-- Opening Marker --
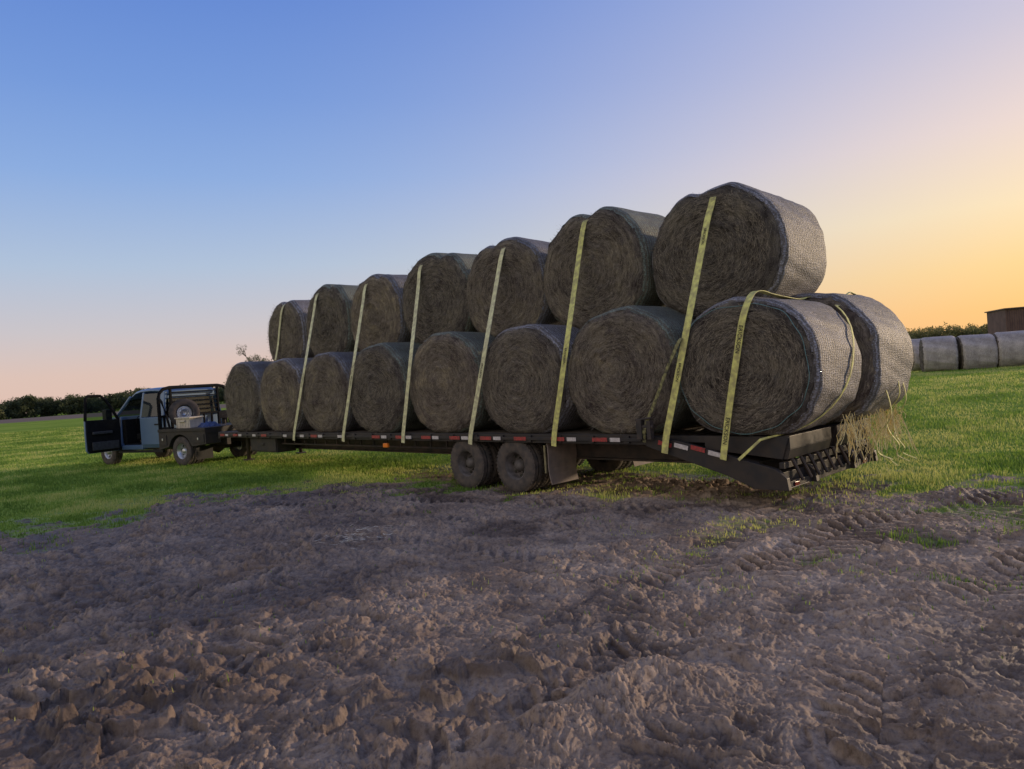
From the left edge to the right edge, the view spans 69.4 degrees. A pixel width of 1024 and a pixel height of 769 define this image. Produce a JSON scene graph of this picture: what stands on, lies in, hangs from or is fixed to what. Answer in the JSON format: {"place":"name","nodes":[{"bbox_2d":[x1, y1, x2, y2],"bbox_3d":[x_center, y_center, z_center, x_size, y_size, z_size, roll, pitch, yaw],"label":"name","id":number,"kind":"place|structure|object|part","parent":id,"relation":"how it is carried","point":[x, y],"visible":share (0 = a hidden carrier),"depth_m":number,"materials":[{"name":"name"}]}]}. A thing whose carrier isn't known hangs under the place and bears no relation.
{"place":"outdoors","nodes":[
{"label":"outdoors","id":0,"kind":"place"},
{"bbox_2d":[314,525,413,548],"bbox_3d":[-1.558,1.735,8.377,1.521,0.108,1.077,-4,0,22],"label":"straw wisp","id":1,"kind":"object","parent":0,"point":[358,535],"visible":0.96,"depth_m":8.56,"materials":[{"name":"beige plant"}]},
{"bbox_2d":[0,366,1023,768],"bbox_3d":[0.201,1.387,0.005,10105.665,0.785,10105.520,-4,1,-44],"label":"ground","id":2,"kind":"structure","parent":0,"point":[440,676],"depth_m":5.15,"materials":[{"name":"brown soil"}]},
{"bbox_2d":[0,382,225,419],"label":"distant wood","id":3,"kind":"object","parent":2,"relation":"on","point":[28,406],"visible":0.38,"depth_m":265.24,"materials":[{"name":"green plant"}]},
{"bbox_2d":[83,384,256,465],"bbox_3d":[-10.349,1.191,21.940,6.110,2.251,3.211,-4,1,31],"label":"pickup truck","id":4,"kind":"object","parent":2,"relation":"on","point":[140,422],"visible":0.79,"depth_m":21.43,"materials":[{"name":"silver metal"}]},
{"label":"front door","id":5,"kind":"part","parent":4,"relation":"part of","materials":[{"name":"silver metal"}]},
{"bbox_3d":[-11.201,0.634,22.857,0.670,0.595,1.760,-4,1,31],"label":"cab window","id":6,"kind":"part","parent":4,"relation":"part of","materials":[{"name":"black glass"}]},
{"bbox_3d":[-10.403,0.592,21.314,0.830,0.660,0.122,-4,1,31],"label":"cab window","id":7,"kind":"part","parent":4,"relation":"part of","materials":[{"name":"grey glass"}]},
{"bbox_3d":[-10.372,1.340,21.223,0.970,0.785,0.055,-4,1,31],"label":"rear door","id":8,"kind":"part","parent":4,"relation":"part of","materials":[{"name":"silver metal"}]},
{"bbox_2d":[168,398,199,424],"bbox_3d":[-9.322,0.809,21.041,0.823,0.823,0.234,-4,1,-31],"label":"spare tyre","id":9,"kind":"object","parent":4,"relation":"on","point":[184,407],"visible":0.75,"depth_m":21.00,"materials":[{"name":"rubber"}]},
{"bbox_2d":[174,416,203,427],"bbox_3d":[-8.961,1.046,20.523,0.660,0.300,0.475,-4,1,31],"label":"storage tote","id":10,"kind":"object","parent":4,"relation":"on","point":[189,422],"visible":0.97,"depth_m":20.35,"materials":[{"name":"beige plastic"}]},
{"bbox_3d":[-9.433,0.610,21.796,0.030,0.480,1.560,-4,1,31],"label":"cab window","id":11,"kind":"part","parent":4,"relation":"part of","materials":[{"name":"glass"}]},
{"bbox_2d":[198,421,220,426],"bbox_3d":[-8.339,1.077,20.348,0.480,0.154,0.440,-4,1,-44],"label":"blue tarp","id":12,"kind":"object","parent":4,"relation":"on","point":[208,424],"visible":1,"depth_m":20.24,"materials":[{"name":"blue plastic"}]},
{"bbox_2d":[236,345,271,361],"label":"tree","id":13,"kind":"object","parent":2,"relation":"on","point":[249,358],"visible":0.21,"depth_m":88.69,"materials":[{"name":"plant"}]},
{"bbox_2d":[218,410,877,492],"bbox_3d":[-1.940,1.045,15.423,2.782,1.521,17.246,-4,1,-44],"label":"flatbed trailer","id":14,"kind":"object","parent":2,"relation":"on","point":[519,462],"visible":0.86,"depth_m":11.14,"materials":[{"name":"black metal"}]},
{"bbox_2d":[223,361,273,431],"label":"hay bale","id":15,"kind":"object","parent":14,"relation":"on","point":[242,388],"visible":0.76,"depth_m":18.28,"materials":[{"name":"plant"}]},
{"bbox_2d":[256,357,314,431],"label":"hay bale","id":16,"kind":"object","parent":14,"relation":"on","point":[280,388],"visible":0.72,"depth_m":16.88,"materials":[{"name":"plant"}]},
{"bbox_2d":[298,352,363,431],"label":"hay bale","id":17,"kind":"object","parent":14,"relation":"on","point":[325,389],"visible":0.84,"depth_m":15.46,"materials":[{"name":"plant"}]},
{"bbox_2d":[293,293,317,440],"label":"cargo strap","id":18,"kind":"object","parent":17,"relation":"attached to","point":[304,368],"visible":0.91,"depth_m":16.29,"materials":[{"name":"fabric"}]},
{"bbox_2d":[346,342,427,433],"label":"hay bale","id":19,"kind":"object","parent":14,"relation":"on","point":[378,391],"visible":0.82,"depth_m":13.98,"materials":[{"name":"plant"}]},
{"bbox_2d":[408,331,500,432],"bbox_3d":[-0.754,-0.052,13.268,1.551,1.792,2.024,-4,1,-45],"label":"hay bale","id":20,"kind":"object","parent":14,"relation":"on","point":[445,368],"visible":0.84,"depth_m":12.63,"materials":[{"name":"plant"}]},
{"bbox_2d":[462,237,562,336],"bbox_3d":[0.264,-1.679,13.213,2.010,1.760,1.530,-4,1,44],"label":"hay bale","id":21,"kind":"object","parent":20,"relation":"on","point":[520,299],"visible":0.71,"depth_m":12.55,"materials":[{"name":"plant"}]},
{"bbox_2d":[468,247,505,444],"bbox_3d":[0.452,-0.771,13.043,3.108,3.336,0.522,-4,1,-44],"label":"cargo strap","id":22,"kind":"object","parent":21,"relation":"attached to","point":[482,364],"visible":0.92,"depth_m":12.04,"materials":[{"name":"fabric"}]},
{"bbox_2d":[478,324,590,432],"bbox_3d":[0.596,-0.110,11.882,1.560,1.700,1.996,-4,1,-43],"label":"hay bale","id":23,"kind":"object","parent":14,"relation":"on","point":[521,375],"visible":0.78,"depth_m":11.27,"materials":[{"name":"plant"}]},
{"bbox_2d":[567,305,700,434],"bbox_3d":[1.902,-0.218,10.495,1.568,1.766,1.998,-4,1,-43],"label":"hay bale","id":24,"kind":"object","parent":14,"relation":"on","point":[619,358],"visible":0.83,"depth_m":9.91,"materials":[{"name":"plant"}]},
{"bbox_2d":[635,338,682,442],"bbox_3d":[1.870,0.089,9.423,0.755,1.313,0.088,-4,1,43],"label":"cargo strap","id":25,"kind":"object","parent":14,"relation":"attached to","point":[642,426],"visible":1,"depth_m":9.50,"materials":[{"name":"yellow fabric"}]},
{"bbox_2d":[680,296,861,434],"bbox_3d":[3.165,-0.248,9.191,1.567,1.680,1.850,-4,1,-45],"label":"hay bale","id":26,"kind":"object","parent":14,"relation":"on","point":[773,379],"visible":0.95,"depth_m":8.57,"materials":[{"name":"plant"}]},
{"bbox_2d":[680,303,809,433],"bbox_3d":[2.690,-0.171,8.722,0.020,1.525,1.657,-4,1,-44],"label":"baling twine","id":27,"kind":"object","parent":26,"relation":"attached to","point":[806,358],"visible":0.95,"depth_m":8.47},
{"bbox_2d":[720,290,862,460],"bbox_3d":[3.817,-0.187,9.581,3.102,1.994,0.481,-4,1,-36],"label":"cargo strap","id":28,"kind":"object","parent":26,"relation":"attached to","point":[734,373],"visible":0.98,"depth_m":8.69,"materials":[{"name":"yellow fabric"}]},
{"bbox_2d":[738,292,857,460],"bbox_3d":[4.075,-0.209,9.284,3.060,2.018,0.869,-4,1,-36],"label":"cargo strap","id":29,"kind":"object","parent":26,"relation":"attached to","point":[743,455],"visible":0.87,"depth_m":8.65,"materials":[{"name":"yellow fabric"}]},
{"bbox_2d":[793,293,912,422],"bbox_3d":[4.340,-0.379,10.176,1.552,1.742,1.826,-4,1,-44],"label":"hay bale","id":30,"kind":"object","parent":14,"relation":"on","point":[882,338],"visible":0.33,"depth_m":9.38,"materials":[{"name":"plant"}]},
{"bbox_2d":[650,182,826,317],"bbox_3d":[3.149,-1.829,10.357,2.011,1.751,1.667,-4,1,44],"label":"hay bale","id":31,"kind":"object","parent":30,"relation":"on","point":[757,239],"visible":0.83,"depth_m":9.69,"materials":[{"name":"plant"}]},
{"bbox_2d":[661,196,716,453],"bbox_3d":[3.077,-0.889,10.349,3.110,3.367,0.507,-4,1,-44],"label":"cargo strap","id":32,"kind":"object","parent":31,"relation":"attached to","point":[684,343],"visible":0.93,"depth_m":9.34,"materials":[{"name":"yellow fabric"}]},
{"bbox_2d":[876,390,897,465],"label":"cargo strap","id":33,"kind":"object","parent":30,"relation":"hanging from","point":[890,459],"visible":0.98,"depth_m":9.53,"materials":[{"name":"fabric"}]},
{"bbox_2d":[886,381,909,461],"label":"cargo strap","id":34,"kind":"object","parent":30,"relation":"hanging from","point":[888,427],"visible":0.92,"depth_m":9.84,"materials":[{"name":"fabric"}]},
{"bbox_2d":[893,382,916,458],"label":"cargo strap","id":35,"kind":"object","parent":30,"relation":"hanging from","point":[894,420],"visible":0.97,"depth_m":9.97,"materials":[{"name":"fabric"}]},
{"bbox_2d":[836,404,918,473],"bbox_3d":[4.731,0.725,9.617,2.141,0.870,0.538,-4,1,-44],"label":"loose straw","id":36,"kind":"object","parent":14,"relation":"hanging from","point":[880,422],"visible":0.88,"depth_m":9.63,"materials":[{"name":"beige plant"}]},
{"bbox_2d":[911,339,920,370],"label":"hay bale","id":37,"kind":"object","parent":2,"relation":"on","point":[916,360],"visible":0.12,"depth_m":36.12,"materials":[{"name":"plant"}]},
{"bbox_2d":[919,336,959,371],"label":"hay bale","id":38,"kind":"object","parent":2,"relation":"on","point":[939,353],"visible":0.94,"depth_m":33.36,"materials":[{"name":"plant"}]},
{"bbox_2d":[906,322,987,338],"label":"distant wood","id":39,"kind":"object","parent":2,"relation":"on","point":[955,331],"visible":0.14,"depth_m":219.20,"materials":[{"name":"green plant"}]},
{"bbox_2d":[956,334,997,369],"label":"hay bale","id":40,"kind":"object","parent":2,"relation":"on","point":[978,351],"visible":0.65,"depth_m":32.83,"materials":[{"name":"plant"}]},
{"bbox_2d":[984,307,1023,334],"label":"barn","id":41,"kind":"structure","parent":2,"relation":"on","point":[1005,320],"depth_m":72.01,"materials":[{"name":"brown wood"}]},
{"bbox_2d":[993,330,1023,367],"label":"hay bale","id":42,"kind":"object","parent":2,"relation":"on","point":[1010,344],"visible":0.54,"depth_m":32.42,"materials":[{"name":"plant"}]},
{"bbox_2d":[0,365,1023,720],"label":"grass","id":43,"kind":"structure","parent":0,"point":[158,479],"depth_m":14.95,"materials":[{"name":"green plant"}]},
{"bbox_2d":[0,0,1023,403],"label":"sky","id":44,"kind":"structure","parent":0,"point":[174,174],"materials":[{"name":"blue"}]},
{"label":"hay bale","id":45,"kind":"object","parent":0,"visible":0},
{"bbox_2d":[266,300,313,360],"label":"hay bale","id":46,"kind":"object","parent":45,"relation":"on","point":[293,340],"visible":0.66,"depth_m":18.10,"materials":[{"name":"plant"}]},
{"bbox_2d":[275,304,285,359],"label":"cargo strap","id":47,"kind":"object","parent":46,"relation":"attached to","point":[279,331],"visible":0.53,"depth_m":18.37,"materials":[{"name":"fabric"}]},
{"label":"hay bale","id":48,"kind":"object","parent":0,"visible":0},
{"bbox_2d":[304,284,359,355],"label":"hay bale","id":49,"kind":"object","parent":48,"relation":"on","point":[332,327],"visible":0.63,"depth_m":16.68,"materials":[{"name":"plant"}]},
{"bbox_2d":[350,274,416,350],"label":"hay bale","id":50,"kind":"object","parent":48,"relation":"on","point":[382,321],"visible":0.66,"depth_m":15.31,"materials":[{"name":"plant"}]},
{"bbox_2d":[342,284,367,441],"bbox_3d":[-2.484,-0.577,16.016,0.545,3.316,3.157,-4,1,35],"label":"cargo strap","id":51,"kind":"object","parent":50,"relation":"attached to","point":[352,370],"visible":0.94,"depth_m":14.84,"materials":[{"name":"yellow fabric"}]},
{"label":"hay bale","id":52,"kind":"object","parent":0,"visible":0},
{"bbox_2d":[400,253,477,343],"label":"hay bale","id":53,"kind":"object","parent":52,"relation":"on","point":[442,304],"visible":0.64,"depth_m":13.93,"materials":[{"name":"plant"}]},
{"bbox_2d":[401,265,421,442],"bbox_3d":[-1.145,-0.712,14.639,0.509,3.414,3.158,-4,1,35],"label":"cargo strap","id":54,"kind":"object","parent":53,"relation":"attached to","point":[410,357],"visible":0.66,"depth_m":13.42,"materials":[{"name":"yellow fabric"}]},
{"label":"hay bale","id":55,"kind":"object","parent":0,"visible":0},
{"bbox_2d":[542,206,666,328],"bbox_3d":[1.651,-1.804,11.806,1.505,1.838,2.156,-4,1,-43],"label":"hay bale","id":56,"kind":"object","parent":55,"relation":"on","point":[616,269],"visible":0.77,"depth_m":11.12,"materials":[{"name":"plant"}]},
{"bbox_2d":[551,219,588,446],"bbox_3d":[1.709,-0.895,11.748,3.108,3.424,0.420,-4,1,-44],"label":"cargo strap","id":57,"kind":"object","parent":56,"relation":"attached to","point":[567,341],"visible":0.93,"depth_m":10.75,"materials":[{"name":"fabric"}]}
]}
-- Closing Marker --
Filter the records above down to the lines that hold the string "blue".

▸ **SOLUTION TO THE PROBLEM**
{"bbox_2d":[198,421,220,426],"bbox_3d":[-8.339,1.077,20.348,0.480,0.154,0.440,-4,1,-44],"label":"blue tarp","id":12,"kind":"object","parent":4,"relation":"on","point":[208,424],"visible":1,"depth_m":20.24,"materials":[{"name":"blue plastic"}]},
{"bbox_2d":[0,0,1023,403],"label":"sky","id":44,"kind":"structure","parent":0,"point":[174,174],"materials":[{"name":"blue"}]},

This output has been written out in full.